- Exercise requirements -
Retype each record below word for word, pictures excluded.

[[ Data shown, beginning ]]

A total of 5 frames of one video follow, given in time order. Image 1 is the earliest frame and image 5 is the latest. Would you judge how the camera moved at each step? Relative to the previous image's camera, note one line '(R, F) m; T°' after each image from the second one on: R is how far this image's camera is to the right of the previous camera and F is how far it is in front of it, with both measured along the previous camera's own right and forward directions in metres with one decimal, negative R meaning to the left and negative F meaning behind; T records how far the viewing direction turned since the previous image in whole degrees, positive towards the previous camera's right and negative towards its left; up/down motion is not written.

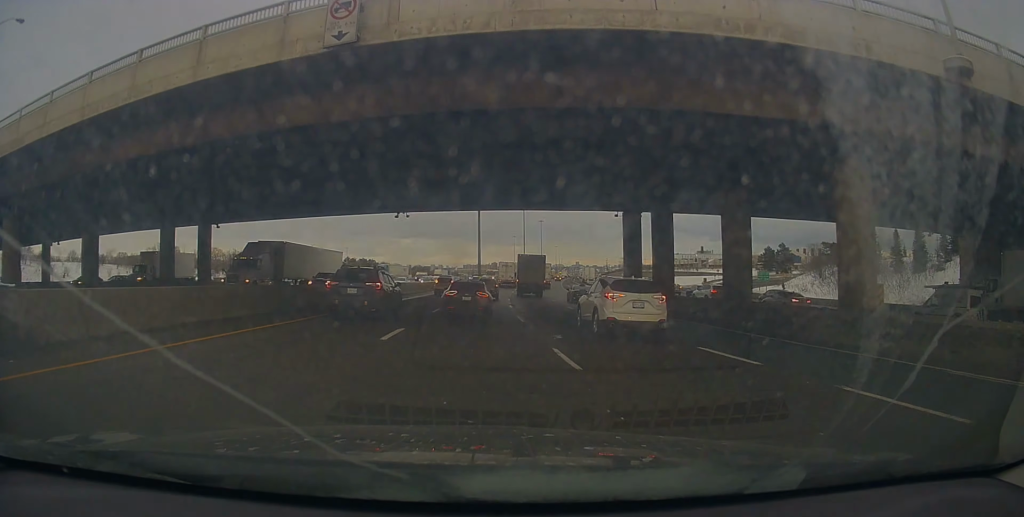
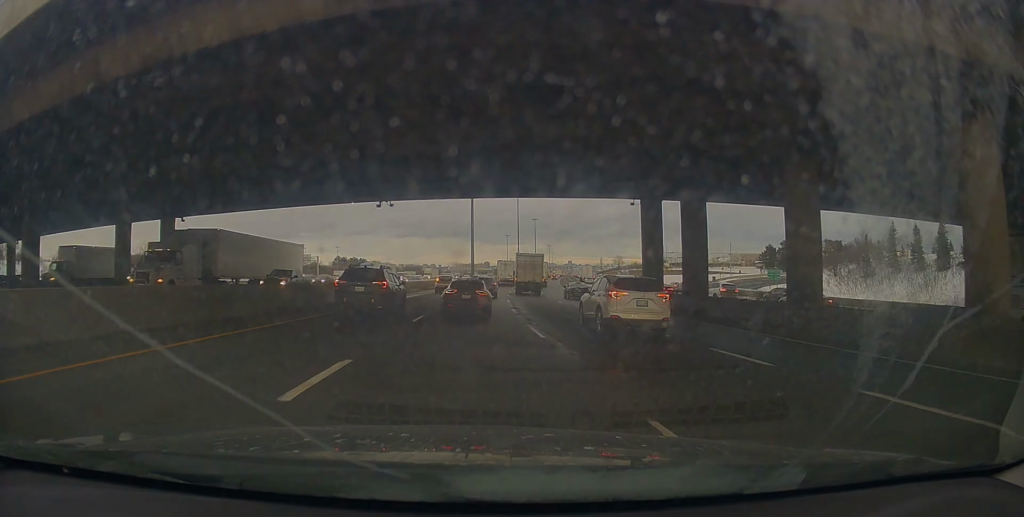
(-0.2, +6.5) m; 0°
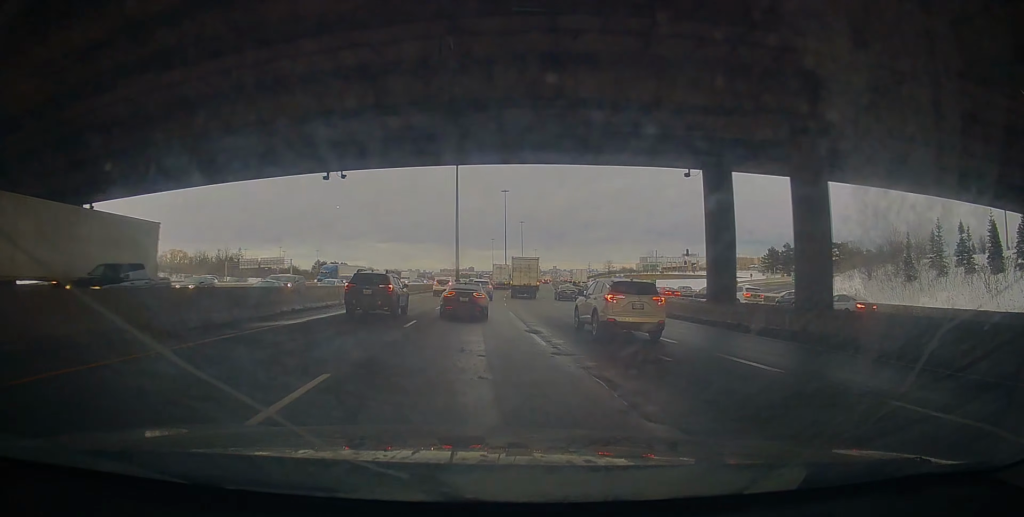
(0.0, +12.8) m; +2°
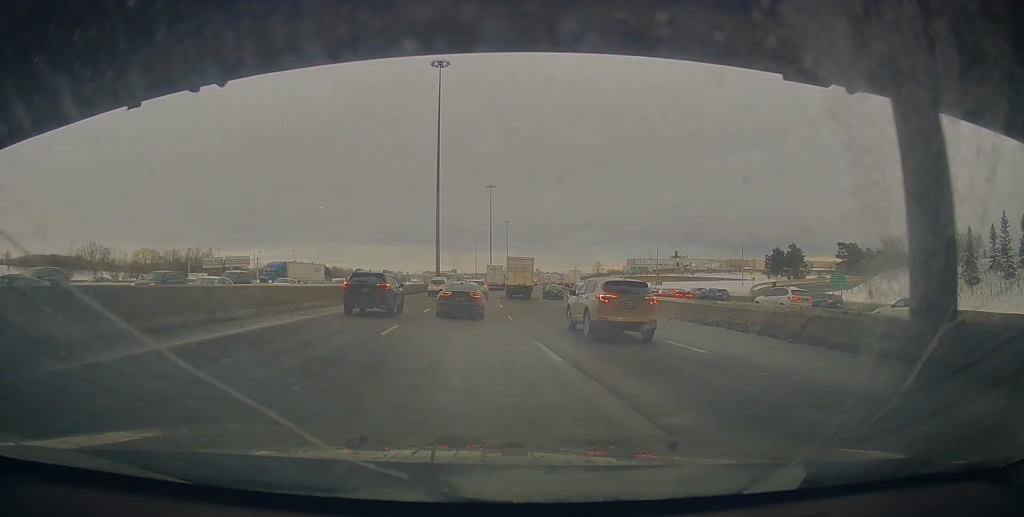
(+0.5, +14.7) m; +3°
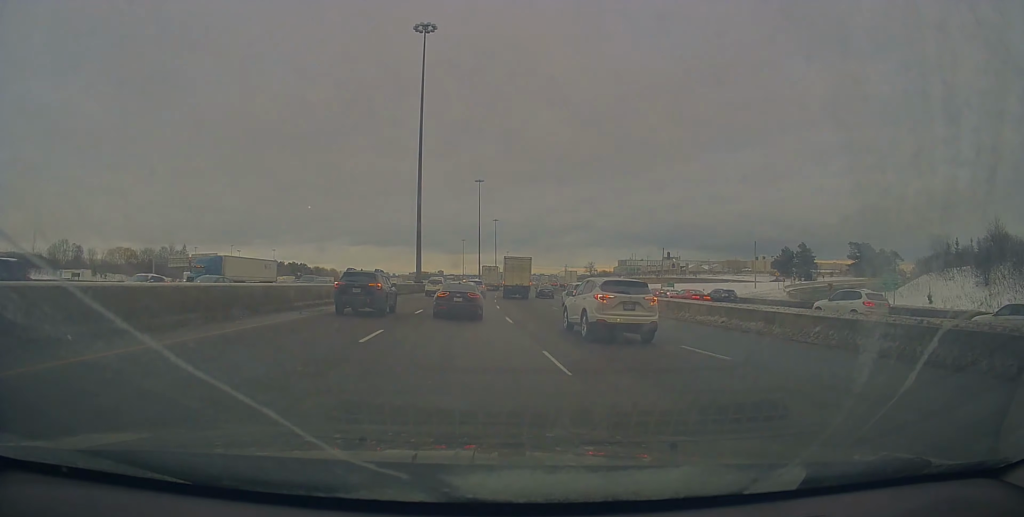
(+0.2, +13.5) m; +3°

[[ Data shown, end ]]

- Solution to this problem -
A total of 5 frames of one video follow, given in time order. Image 1 is the earliest frame and image 5 is the latest. Would you judge how the camera moved at each step? Relative to the previous image's camera, note one line '(R, F) m; T°' after each image from the second one on: R is how far this image's camera is to the right of the previous camera and F is how far it is in front of it, with both measured along the previous camera's own right and forward directions in metres with one decimal, negative R meaning to the left and negative F meaning behind; T records how far the viewing direction turned since the previous image in whole degrees, positive towards the previous camera's right and negative towards its left; up/down motion is not written.

(-0.2, +6.5) m; 0°
(0.0, +12.8) m; +2°
(+0.5, +14.7) m; +3°
(+0.2, +13.5) m; +3°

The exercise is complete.